[Input for this task — start]
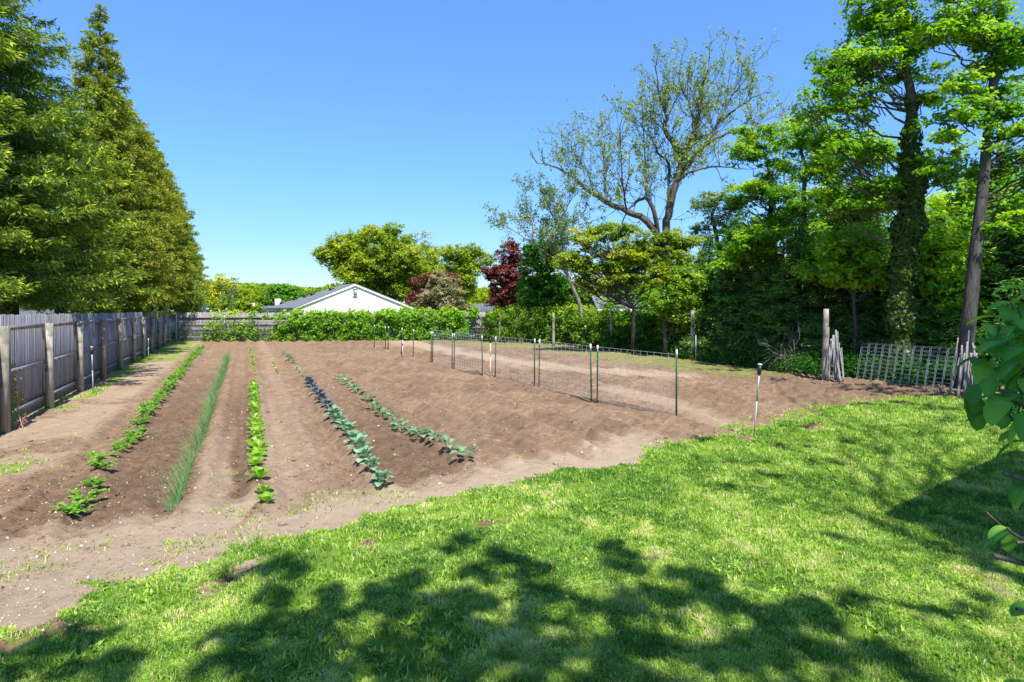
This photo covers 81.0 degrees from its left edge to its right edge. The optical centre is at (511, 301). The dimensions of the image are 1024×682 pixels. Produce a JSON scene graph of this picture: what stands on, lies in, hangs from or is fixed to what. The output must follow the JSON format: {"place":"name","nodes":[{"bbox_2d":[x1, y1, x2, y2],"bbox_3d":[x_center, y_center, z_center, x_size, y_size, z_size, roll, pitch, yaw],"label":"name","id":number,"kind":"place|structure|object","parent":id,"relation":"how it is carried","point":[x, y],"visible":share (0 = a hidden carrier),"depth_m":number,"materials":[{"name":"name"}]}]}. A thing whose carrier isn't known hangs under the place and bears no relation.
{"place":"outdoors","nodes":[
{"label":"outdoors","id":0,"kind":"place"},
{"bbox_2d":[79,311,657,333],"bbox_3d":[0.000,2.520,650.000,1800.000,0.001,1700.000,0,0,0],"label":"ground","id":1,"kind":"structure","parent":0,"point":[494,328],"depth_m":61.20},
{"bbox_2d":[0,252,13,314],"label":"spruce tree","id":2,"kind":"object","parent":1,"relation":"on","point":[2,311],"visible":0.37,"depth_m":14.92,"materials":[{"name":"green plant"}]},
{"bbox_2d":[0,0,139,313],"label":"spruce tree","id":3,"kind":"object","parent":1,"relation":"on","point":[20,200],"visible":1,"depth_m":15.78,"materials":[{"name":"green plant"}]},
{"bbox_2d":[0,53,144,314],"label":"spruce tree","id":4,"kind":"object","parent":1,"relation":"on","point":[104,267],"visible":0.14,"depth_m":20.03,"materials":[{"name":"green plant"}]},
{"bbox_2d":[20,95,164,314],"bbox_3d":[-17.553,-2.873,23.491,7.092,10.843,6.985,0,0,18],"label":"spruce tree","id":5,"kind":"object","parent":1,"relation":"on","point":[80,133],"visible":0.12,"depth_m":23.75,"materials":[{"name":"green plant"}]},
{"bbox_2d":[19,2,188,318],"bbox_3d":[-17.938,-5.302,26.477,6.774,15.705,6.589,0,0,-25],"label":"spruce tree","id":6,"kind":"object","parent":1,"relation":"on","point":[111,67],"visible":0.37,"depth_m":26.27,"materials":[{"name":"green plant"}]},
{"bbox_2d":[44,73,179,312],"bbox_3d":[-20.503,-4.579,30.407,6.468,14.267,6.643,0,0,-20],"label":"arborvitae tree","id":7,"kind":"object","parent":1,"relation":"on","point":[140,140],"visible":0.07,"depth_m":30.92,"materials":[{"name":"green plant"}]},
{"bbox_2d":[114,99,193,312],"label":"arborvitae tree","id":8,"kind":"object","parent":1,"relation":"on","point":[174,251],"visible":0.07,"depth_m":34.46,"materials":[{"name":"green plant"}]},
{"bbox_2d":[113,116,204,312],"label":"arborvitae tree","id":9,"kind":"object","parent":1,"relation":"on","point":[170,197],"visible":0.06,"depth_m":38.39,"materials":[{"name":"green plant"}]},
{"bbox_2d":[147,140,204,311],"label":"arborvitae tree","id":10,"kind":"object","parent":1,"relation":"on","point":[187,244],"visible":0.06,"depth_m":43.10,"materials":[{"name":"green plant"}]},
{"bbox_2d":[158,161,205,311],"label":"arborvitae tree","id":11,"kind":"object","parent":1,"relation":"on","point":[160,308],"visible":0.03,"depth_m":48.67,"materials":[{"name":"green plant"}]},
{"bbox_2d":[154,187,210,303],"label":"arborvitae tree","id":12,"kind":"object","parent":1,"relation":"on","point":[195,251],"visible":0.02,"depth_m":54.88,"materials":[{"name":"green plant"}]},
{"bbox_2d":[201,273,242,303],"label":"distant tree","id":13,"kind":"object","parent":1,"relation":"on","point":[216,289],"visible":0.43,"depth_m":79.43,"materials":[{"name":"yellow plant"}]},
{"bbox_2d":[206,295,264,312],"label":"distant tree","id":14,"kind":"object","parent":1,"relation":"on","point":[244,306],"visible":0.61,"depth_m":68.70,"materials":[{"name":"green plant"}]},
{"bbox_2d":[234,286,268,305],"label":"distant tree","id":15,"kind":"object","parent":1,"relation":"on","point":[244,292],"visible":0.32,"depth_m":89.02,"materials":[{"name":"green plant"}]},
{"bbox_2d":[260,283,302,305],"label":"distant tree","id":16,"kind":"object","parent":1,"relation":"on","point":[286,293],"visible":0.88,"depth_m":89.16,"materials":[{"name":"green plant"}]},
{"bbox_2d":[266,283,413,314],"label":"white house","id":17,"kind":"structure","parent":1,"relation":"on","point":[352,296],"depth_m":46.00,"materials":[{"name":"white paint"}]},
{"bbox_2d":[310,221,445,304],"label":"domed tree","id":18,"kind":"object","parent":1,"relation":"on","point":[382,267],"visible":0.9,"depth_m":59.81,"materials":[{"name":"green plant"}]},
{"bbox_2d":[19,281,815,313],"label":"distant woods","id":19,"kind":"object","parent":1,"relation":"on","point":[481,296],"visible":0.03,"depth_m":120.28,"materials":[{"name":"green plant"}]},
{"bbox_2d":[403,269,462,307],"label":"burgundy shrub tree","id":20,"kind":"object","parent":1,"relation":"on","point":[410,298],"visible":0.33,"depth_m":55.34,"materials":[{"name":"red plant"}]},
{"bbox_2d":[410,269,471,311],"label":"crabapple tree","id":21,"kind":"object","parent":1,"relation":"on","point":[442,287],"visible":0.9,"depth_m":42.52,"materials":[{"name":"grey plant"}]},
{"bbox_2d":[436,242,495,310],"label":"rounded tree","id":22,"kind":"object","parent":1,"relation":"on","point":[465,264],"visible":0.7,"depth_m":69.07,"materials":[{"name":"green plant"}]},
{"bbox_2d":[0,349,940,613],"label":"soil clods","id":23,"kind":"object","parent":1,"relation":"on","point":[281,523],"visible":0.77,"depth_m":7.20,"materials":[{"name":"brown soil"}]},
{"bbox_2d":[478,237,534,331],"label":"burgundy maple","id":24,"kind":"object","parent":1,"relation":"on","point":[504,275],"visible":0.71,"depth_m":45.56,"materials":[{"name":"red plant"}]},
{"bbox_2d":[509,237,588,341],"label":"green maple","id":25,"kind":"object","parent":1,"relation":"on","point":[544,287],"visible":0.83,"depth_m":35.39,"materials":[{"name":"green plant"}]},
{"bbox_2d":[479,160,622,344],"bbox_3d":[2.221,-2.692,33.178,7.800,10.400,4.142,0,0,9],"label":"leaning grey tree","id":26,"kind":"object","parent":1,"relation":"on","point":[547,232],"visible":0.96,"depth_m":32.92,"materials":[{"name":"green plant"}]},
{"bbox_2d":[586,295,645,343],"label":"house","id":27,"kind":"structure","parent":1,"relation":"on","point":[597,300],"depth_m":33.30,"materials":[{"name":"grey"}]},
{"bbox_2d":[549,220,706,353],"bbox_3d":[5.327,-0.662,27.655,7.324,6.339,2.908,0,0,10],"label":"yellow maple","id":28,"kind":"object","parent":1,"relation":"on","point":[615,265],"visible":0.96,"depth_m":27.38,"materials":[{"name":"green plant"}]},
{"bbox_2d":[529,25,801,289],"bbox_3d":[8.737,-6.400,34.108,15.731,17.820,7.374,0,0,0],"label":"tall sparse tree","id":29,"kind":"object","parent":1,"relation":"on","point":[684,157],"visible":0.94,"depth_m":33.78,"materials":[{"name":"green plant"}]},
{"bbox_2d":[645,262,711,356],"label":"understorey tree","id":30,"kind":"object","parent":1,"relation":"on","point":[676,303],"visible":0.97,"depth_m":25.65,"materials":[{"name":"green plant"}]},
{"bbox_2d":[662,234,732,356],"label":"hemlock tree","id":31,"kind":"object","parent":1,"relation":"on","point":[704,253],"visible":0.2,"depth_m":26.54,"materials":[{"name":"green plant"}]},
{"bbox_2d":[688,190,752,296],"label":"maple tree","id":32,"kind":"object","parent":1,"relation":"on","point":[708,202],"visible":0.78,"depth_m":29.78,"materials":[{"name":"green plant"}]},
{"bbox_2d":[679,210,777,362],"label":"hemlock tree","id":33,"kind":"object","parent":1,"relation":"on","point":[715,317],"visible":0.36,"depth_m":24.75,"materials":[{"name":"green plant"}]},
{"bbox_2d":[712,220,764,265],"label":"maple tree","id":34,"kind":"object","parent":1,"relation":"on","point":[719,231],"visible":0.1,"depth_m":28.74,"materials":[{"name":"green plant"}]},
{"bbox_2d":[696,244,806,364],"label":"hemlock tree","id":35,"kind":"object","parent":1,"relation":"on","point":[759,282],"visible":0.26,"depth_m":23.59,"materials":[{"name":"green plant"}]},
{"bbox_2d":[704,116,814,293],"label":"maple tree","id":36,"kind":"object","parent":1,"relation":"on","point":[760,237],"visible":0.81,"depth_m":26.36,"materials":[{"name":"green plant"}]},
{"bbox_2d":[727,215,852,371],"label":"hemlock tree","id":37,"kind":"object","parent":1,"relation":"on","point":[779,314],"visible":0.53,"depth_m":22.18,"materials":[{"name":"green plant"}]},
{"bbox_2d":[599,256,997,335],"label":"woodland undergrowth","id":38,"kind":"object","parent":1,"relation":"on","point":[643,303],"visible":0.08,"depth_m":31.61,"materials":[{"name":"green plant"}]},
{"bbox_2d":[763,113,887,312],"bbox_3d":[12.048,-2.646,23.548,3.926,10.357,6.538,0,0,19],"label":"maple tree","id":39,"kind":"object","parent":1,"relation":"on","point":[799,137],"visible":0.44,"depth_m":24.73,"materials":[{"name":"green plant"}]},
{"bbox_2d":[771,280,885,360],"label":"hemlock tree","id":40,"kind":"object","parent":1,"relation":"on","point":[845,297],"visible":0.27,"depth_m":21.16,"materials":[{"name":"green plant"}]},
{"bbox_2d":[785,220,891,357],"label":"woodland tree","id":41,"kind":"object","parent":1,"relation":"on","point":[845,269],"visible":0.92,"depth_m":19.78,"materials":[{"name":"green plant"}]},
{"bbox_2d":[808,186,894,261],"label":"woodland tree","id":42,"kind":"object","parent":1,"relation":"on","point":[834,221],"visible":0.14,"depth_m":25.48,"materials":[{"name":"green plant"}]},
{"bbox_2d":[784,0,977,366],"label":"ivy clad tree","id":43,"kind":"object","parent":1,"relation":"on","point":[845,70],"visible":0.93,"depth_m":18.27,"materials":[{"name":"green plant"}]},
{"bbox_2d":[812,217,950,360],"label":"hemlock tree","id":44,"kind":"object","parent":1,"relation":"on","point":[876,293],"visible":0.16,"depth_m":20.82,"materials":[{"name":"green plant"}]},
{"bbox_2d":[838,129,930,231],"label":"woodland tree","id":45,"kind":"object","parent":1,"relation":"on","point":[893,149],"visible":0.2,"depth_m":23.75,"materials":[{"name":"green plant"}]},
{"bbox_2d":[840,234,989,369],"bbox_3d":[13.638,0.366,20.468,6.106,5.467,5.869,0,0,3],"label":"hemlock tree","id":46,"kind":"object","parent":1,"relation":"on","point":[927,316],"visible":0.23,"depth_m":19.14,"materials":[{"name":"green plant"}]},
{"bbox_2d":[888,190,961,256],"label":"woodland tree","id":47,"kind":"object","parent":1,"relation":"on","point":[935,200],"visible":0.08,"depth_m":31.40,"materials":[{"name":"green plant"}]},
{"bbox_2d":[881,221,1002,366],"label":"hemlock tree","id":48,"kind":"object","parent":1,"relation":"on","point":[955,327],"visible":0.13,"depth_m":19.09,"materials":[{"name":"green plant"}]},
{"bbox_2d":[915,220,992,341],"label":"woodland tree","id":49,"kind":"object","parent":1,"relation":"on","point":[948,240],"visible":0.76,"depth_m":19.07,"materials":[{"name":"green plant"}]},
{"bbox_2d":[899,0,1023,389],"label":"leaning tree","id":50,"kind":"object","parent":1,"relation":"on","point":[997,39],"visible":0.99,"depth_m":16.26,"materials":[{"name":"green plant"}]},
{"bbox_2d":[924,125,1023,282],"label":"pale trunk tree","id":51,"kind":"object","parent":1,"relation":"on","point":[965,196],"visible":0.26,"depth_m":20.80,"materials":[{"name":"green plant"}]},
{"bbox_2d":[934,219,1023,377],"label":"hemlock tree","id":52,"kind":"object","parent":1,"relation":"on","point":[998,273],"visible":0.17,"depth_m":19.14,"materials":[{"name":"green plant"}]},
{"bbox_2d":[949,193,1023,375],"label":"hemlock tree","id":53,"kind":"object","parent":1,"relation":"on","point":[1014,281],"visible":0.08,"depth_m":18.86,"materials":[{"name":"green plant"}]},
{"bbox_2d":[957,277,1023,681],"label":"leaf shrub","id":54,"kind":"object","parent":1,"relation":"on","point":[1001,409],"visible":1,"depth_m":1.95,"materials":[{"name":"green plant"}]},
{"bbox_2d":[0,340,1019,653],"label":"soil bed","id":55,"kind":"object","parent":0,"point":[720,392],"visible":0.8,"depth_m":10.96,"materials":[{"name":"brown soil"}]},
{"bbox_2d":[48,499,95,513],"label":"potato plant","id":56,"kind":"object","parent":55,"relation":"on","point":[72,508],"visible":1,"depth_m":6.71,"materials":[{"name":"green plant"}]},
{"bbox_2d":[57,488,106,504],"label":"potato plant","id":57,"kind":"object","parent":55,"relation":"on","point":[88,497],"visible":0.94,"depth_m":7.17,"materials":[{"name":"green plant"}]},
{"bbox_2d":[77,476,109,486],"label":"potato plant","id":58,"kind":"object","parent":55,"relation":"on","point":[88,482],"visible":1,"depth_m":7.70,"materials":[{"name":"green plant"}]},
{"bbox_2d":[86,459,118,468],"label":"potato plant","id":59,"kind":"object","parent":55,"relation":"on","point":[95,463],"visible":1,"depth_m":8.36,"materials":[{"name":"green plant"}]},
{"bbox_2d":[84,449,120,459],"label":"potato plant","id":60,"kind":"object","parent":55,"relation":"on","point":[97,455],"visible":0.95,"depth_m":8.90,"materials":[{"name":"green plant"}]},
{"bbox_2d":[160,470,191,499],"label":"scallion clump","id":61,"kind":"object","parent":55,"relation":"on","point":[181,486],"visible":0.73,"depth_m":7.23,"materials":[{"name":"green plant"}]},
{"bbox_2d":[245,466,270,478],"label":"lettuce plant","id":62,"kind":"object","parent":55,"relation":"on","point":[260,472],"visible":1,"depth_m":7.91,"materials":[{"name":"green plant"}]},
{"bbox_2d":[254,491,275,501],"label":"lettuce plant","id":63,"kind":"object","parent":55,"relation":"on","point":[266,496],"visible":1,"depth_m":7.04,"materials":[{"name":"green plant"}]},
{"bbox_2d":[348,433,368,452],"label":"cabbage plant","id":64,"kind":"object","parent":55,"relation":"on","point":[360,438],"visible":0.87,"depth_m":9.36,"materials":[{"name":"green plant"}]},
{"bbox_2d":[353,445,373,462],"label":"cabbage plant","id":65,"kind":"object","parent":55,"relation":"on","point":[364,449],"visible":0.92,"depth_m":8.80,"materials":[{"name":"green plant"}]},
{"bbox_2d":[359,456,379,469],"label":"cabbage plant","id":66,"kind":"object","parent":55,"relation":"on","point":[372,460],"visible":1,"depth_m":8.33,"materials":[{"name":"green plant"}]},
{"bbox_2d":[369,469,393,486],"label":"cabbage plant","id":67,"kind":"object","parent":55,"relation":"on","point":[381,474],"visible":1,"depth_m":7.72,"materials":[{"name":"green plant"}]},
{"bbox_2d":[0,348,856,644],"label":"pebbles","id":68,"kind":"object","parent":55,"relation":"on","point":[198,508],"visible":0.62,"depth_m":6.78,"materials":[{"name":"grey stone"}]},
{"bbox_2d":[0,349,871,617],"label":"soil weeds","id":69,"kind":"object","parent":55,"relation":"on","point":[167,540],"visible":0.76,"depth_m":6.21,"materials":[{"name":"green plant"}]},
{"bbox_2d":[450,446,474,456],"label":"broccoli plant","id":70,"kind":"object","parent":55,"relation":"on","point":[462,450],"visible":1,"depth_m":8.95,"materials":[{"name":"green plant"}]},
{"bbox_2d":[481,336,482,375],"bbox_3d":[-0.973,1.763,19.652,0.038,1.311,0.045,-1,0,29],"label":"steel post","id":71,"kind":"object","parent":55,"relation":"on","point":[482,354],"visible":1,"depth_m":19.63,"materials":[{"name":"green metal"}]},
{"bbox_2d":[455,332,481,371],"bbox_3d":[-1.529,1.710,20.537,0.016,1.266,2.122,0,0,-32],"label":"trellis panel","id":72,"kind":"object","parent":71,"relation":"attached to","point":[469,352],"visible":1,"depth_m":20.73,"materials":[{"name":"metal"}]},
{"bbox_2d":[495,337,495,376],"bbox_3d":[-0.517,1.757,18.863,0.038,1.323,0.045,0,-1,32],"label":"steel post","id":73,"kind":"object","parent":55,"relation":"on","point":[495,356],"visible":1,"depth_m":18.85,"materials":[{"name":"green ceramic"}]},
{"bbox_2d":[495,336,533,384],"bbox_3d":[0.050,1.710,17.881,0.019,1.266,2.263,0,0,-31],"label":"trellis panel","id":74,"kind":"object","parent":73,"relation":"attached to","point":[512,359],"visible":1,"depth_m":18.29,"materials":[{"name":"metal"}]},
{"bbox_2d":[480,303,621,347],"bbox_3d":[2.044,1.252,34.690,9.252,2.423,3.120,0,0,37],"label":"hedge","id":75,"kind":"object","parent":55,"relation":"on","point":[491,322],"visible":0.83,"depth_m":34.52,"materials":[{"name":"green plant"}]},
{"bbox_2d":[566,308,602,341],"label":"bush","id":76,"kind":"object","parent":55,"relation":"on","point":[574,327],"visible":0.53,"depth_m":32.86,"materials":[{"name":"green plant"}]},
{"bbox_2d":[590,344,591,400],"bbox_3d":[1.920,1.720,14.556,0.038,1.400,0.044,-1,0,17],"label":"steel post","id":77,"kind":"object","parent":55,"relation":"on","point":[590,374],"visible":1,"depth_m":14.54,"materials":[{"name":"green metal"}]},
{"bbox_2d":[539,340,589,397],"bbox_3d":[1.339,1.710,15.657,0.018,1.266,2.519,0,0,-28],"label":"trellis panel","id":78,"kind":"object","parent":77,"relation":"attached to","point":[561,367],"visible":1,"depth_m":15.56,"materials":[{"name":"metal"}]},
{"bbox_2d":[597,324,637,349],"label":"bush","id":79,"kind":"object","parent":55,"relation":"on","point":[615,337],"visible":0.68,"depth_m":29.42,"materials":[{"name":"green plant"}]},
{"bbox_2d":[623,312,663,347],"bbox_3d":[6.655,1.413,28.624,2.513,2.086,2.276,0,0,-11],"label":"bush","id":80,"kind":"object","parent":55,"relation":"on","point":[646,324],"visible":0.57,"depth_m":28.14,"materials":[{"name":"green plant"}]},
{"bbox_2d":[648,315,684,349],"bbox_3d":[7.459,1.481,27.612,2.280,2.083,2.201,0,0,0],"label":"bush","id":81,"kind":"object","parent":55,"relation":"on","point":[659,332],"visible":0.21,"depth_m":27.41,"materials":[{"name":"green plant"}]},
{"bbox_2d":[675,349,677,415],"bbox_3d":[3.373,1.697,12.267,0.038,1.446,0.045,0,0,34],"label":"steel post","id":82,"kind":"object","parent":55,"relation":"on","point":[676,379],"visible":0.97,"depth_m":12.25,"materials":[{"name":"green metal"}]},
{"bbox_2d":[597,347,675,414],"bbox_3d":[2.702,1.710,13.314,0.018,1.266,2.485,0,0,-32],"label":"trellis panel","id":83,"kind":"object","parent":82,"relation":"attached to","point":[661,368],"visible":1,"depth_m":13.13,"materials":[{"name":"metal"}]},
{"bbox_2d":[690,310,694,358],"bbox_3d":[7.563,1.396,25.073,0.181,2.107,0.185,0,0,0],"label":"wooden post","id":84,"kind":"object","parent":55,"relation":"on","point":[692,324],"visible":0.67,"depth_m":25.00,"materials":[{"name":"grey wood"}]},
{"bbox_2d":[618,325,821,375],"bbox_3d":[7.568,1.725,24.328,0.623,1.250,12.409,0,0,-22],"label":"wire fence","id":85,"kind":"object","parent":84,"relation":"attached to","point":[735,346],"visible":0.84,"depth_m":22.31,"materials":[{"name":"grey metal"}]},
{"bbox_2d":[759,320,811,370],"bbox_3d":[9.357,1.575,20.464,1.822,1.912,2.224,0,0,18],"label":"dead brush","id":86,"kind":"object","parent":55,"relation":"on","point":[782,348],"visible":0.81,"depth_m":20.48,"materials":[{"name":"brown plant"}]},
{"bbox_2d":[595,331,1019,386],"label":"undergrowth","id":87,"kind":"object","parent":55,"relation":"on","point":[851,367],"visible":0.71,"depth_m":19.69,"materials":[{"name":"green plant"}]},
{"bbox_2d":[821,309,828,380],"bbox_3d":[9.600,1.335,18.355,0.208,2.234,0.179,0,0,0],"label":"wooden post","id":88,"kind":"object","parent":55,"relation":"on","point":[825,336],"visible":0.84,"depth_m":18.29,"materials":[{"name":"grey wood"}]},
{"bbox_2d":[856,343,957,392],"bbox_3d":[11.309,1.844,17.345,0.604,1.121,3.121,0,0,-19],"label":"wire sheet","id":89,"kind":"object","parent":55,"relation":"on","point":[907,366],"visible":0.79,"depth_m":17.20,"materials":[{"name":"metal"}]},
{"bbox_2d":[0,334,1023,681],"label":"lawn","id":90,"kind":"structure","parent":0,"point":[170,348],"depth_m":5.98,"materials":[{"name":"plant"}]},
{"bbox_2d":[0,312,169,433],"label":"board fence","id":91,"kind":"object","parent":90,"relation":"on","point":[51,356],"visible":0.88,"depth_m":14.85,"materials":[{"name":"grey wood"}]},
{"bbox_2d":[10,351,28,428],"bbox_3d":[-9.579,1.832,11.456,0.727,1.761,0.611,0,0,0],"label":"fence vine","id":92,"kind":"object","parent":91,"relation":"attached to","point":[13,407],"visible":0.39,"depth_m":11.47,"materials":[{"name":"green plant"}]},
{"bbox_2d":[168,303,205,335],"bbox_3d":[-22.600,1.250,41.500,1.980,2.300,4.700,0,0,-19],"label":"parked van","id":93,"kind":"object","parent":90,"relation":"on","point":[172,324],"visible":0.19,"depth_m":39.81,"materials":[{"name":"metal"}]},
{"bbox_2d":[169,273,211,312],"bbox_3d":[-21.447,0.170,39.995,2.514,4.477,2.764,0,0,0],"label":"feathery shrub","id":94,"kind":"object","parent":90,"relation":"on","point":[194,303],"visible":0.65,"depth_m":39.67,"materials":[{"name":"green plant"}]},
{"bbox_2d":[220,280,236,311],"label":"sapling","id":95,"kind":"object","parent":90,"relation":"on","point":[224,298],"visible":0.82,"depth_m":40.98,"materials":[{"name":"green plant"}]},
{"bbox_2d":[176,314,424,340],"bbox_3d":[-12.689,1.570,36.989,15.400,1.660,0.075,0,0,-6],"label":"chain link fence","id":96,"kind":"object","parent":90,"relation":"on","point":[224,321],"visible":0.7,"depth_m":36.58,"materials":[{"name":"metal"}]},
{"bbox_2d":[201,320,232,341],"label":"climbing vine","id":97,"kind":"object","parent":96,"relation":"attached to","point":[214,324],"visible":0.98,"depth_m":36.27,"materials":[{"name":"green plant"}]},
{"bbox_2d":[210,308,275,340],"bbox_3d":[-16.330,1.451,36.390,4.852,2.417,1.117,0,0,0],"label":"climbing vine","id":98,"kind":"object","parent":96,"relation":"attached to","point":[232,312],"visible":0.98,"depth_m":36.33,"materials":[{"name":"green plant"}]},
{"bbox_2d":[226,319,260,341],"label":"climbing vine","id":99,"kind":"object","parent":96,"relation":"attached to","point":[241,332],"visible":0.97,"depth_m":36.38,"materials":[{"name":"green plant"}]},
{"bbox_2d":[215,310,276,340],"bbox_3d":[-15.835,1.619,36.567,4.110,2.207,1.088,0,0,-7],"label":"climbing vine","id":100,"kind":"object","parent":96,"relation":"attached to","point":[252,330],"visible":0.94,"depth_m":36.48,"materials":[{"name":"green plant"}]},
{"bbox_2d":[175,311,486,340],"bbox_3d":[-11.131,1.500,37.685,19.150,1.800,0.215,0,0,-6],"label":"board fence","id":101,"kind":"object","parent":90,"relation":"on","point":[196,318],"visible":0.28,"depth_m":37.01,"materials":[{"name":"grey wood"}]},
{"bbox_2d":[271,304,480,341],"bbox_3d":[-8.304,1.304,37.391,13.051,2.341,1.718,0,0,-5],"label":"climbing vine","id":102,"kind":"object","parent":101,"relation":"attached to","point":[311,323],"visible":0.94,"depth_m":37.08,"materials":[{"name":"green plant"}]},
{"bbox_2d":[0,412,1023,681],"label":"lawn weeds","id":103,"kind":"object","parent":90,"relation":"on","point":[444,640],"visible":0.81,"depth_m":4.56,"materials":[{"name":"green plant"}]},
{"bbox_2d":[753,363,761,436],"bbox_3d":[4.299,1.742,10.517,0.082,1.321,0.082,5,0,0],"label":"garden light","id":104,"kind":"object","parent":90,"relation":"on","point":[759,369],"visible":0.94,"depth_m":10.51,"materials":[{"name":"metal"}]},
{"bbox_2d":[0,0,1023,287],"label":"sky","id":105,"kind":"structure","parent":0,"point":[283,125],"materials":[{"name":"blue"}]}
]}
[Input for this task — finish]
→ Work instructions: Only lines holding the string "wooden" are wanted; gather each one from the entries above.

→ Answer section:
{"bbox_2d":[690,310,694,358],"bbox_3d":[7.563,1.396,25.073,0.181,2.107,0.185,0,0,0],"label":"wooden post","id":84,"kind":"object","parent":55,"relation":"on","point":[692,324],"visible":0.67,"depth_m":25.00,"materials":[{"name":"grey wood"}]},
{"bbox_2d":[821,309,828,380],"bbox_3d":[9.600,1.335,18.355,0.208,2.234,0.179,0,0,0],"label":"wooden post","id":88,"kind":"object","parent":55,"relation":"on","point":[825,336],"visible":0.84,"depth_m":18.29,"materials":[{"name":"grey wood"}]},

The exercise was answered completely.